# What to work on:
Below is a listing to transcribe in full and exactly; keep the pictures out.
[Data to use]
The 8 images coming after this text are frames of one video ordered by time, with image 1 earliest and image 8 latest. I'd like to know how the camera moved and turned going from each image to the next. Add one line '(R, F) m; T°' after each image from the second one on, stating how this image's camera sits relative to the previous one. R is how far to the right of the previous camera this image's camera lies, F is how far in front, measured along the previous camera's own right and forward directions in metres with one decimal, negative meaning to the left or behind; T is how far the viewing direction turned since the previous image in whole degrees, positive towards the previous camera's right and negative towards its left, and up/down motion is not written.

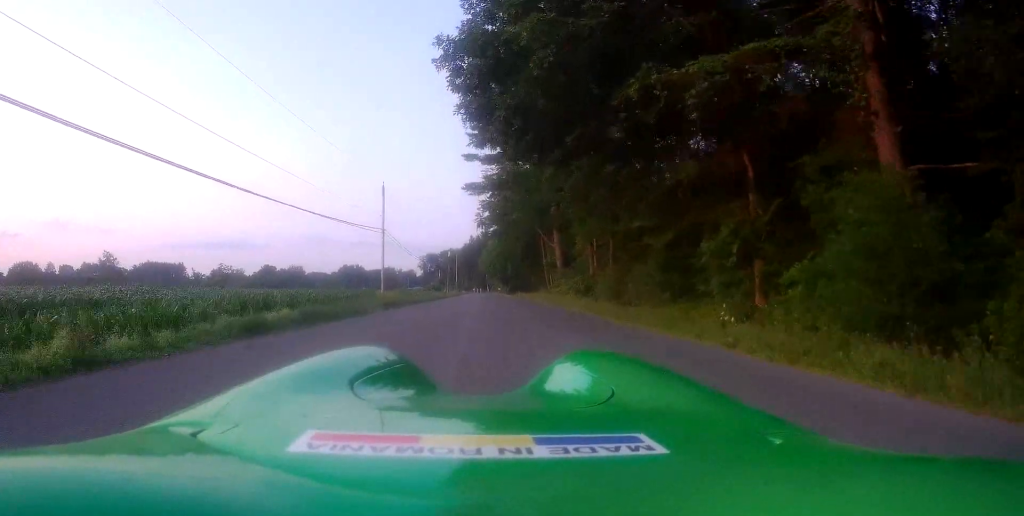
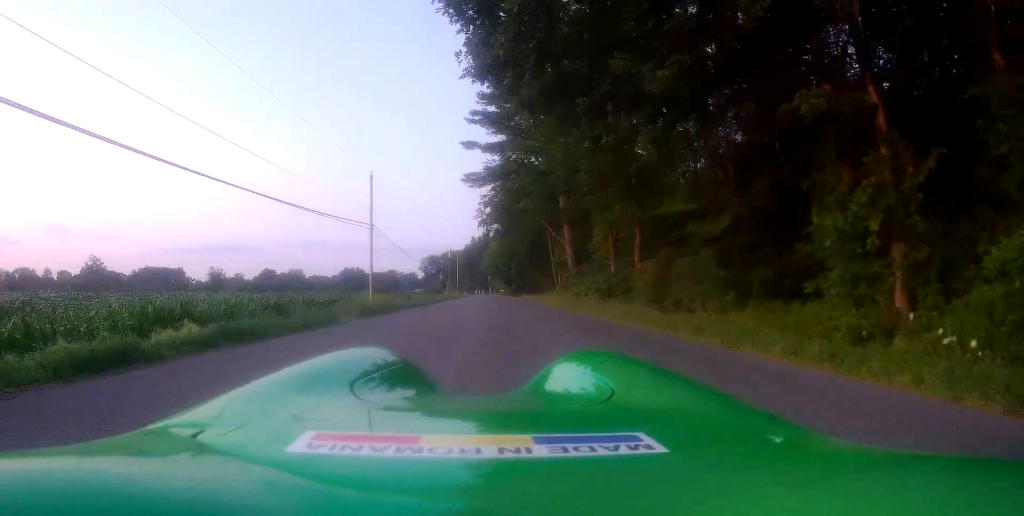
(+0.3, +5.3) m; +1°
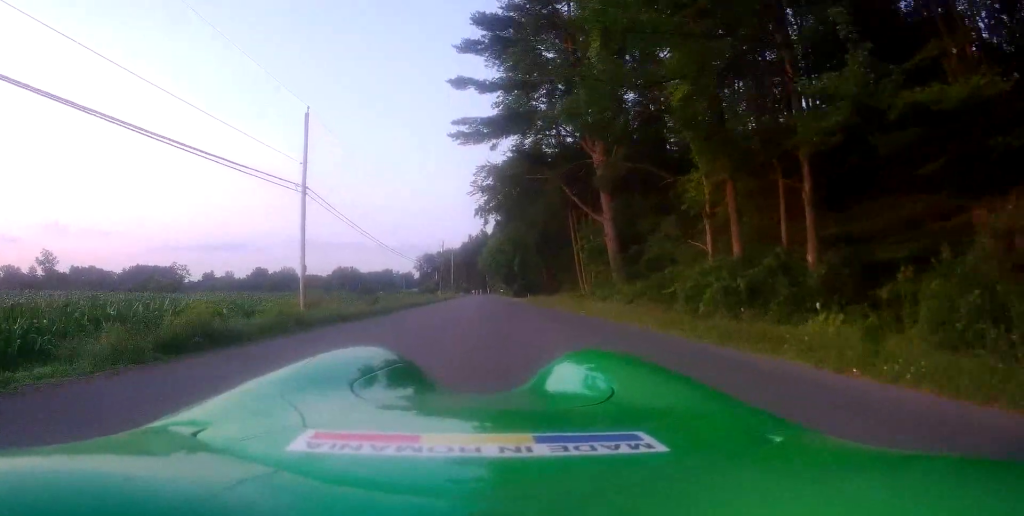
(-0.5, +14.8) m; -3°
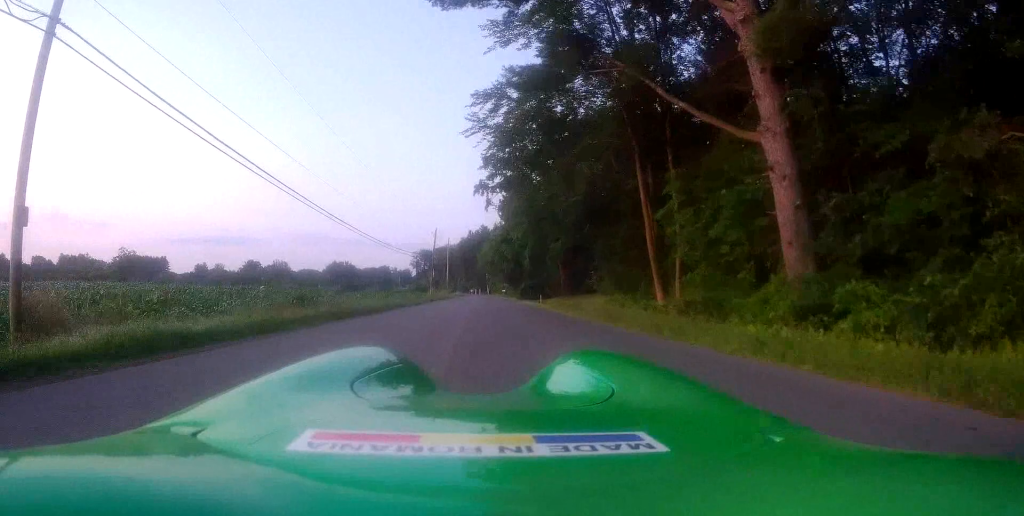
(-0.7, +16.5) m; 0°
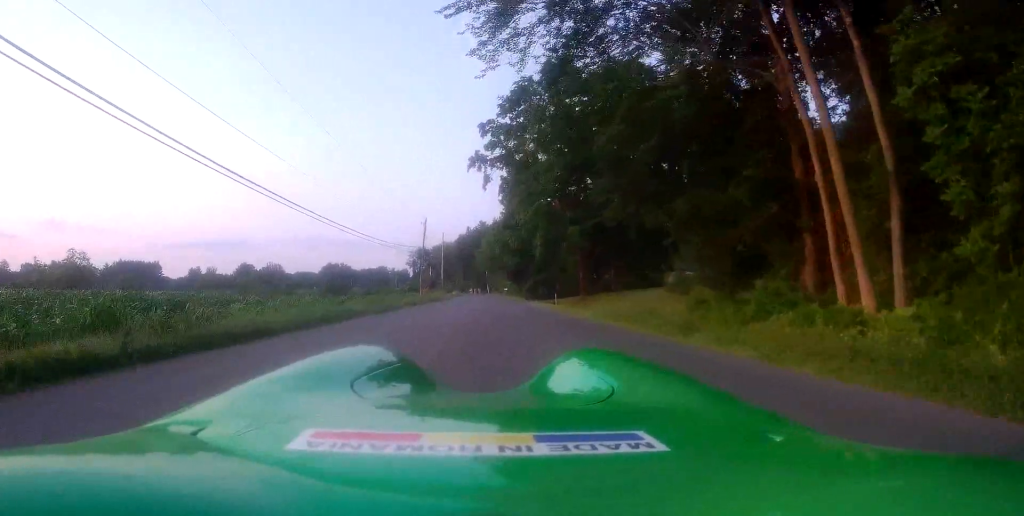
(+0.9, +12.4) m; +2°
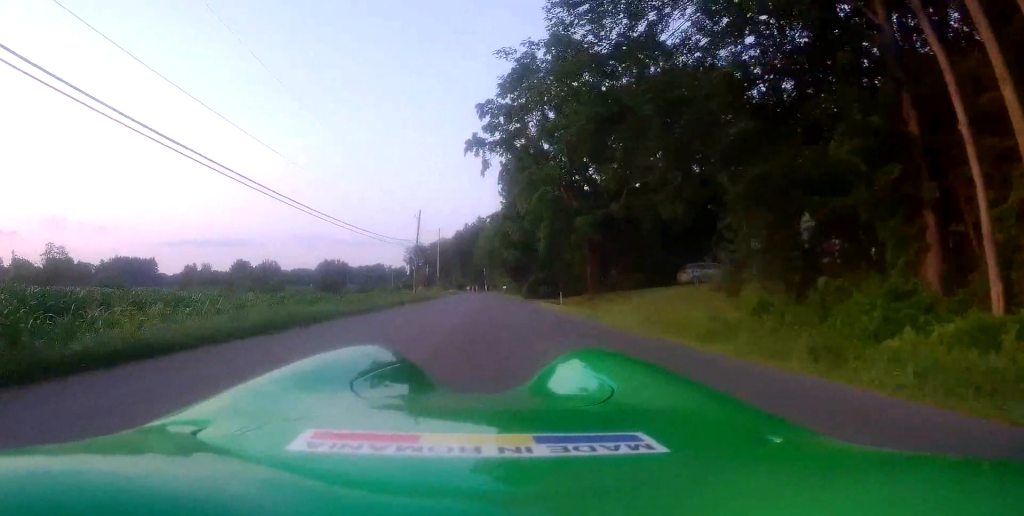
(-0.1, +4.2) m; -1°
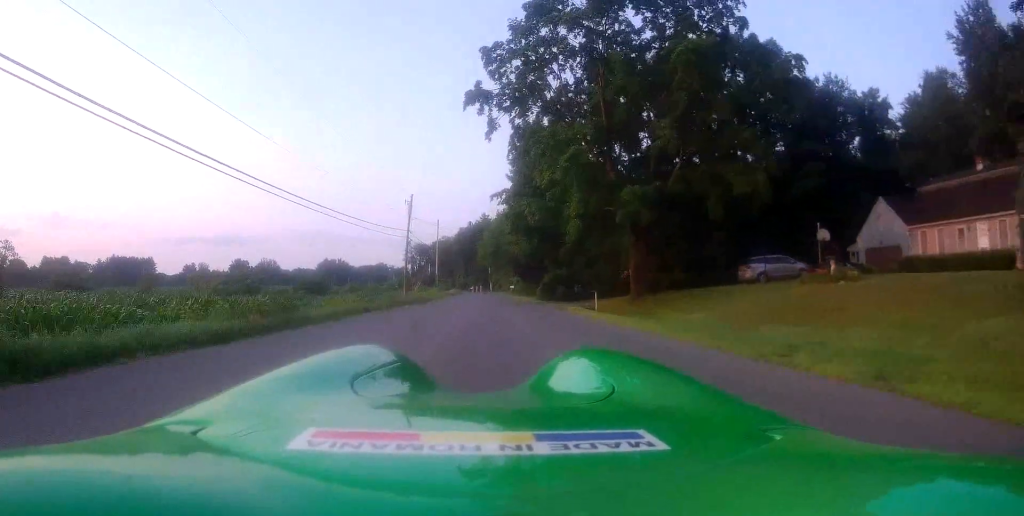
(-0.2, +11.2) m; +1°
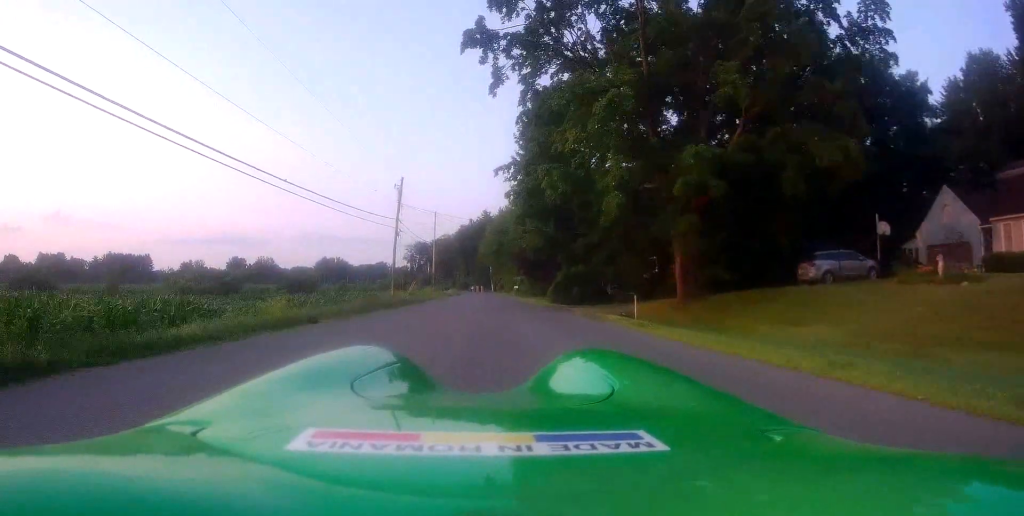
(+0.2, +7.9) m; +1°
[/Data to use]
# Exercise answer:
The 8 images coming after this text are frames of one video ordered by time, with image 1 earliest and image 8 latest. I'd like to know how the camera moved and turned going from each image to the next. Add one line '(R, F) m; T°' after each image from the second one on, stating how this image's camera sits relative to the previous one. R is how far to the right of the previous camera this image's camera lies, F is how far in front, measured along the previous camera's own right and forward directions in metres with one decimal, negative meaning to the left or behind; T is how far the viewing direction turned since the previous image in whole degrees, positive towards the previous camera's right and negative towards its left, and up/down motion is not written.

(+0.3, +5.3) m; +1°
(-0.5, +14.8) m; -3°
(-0.7, +16.5) m; 0°
(+0.9, +12.4) m; +2°
(-0.1, +4.2) m; -1°
(-0.2, +11.2) m; +1°
(+0.2, +7.9) m; +1°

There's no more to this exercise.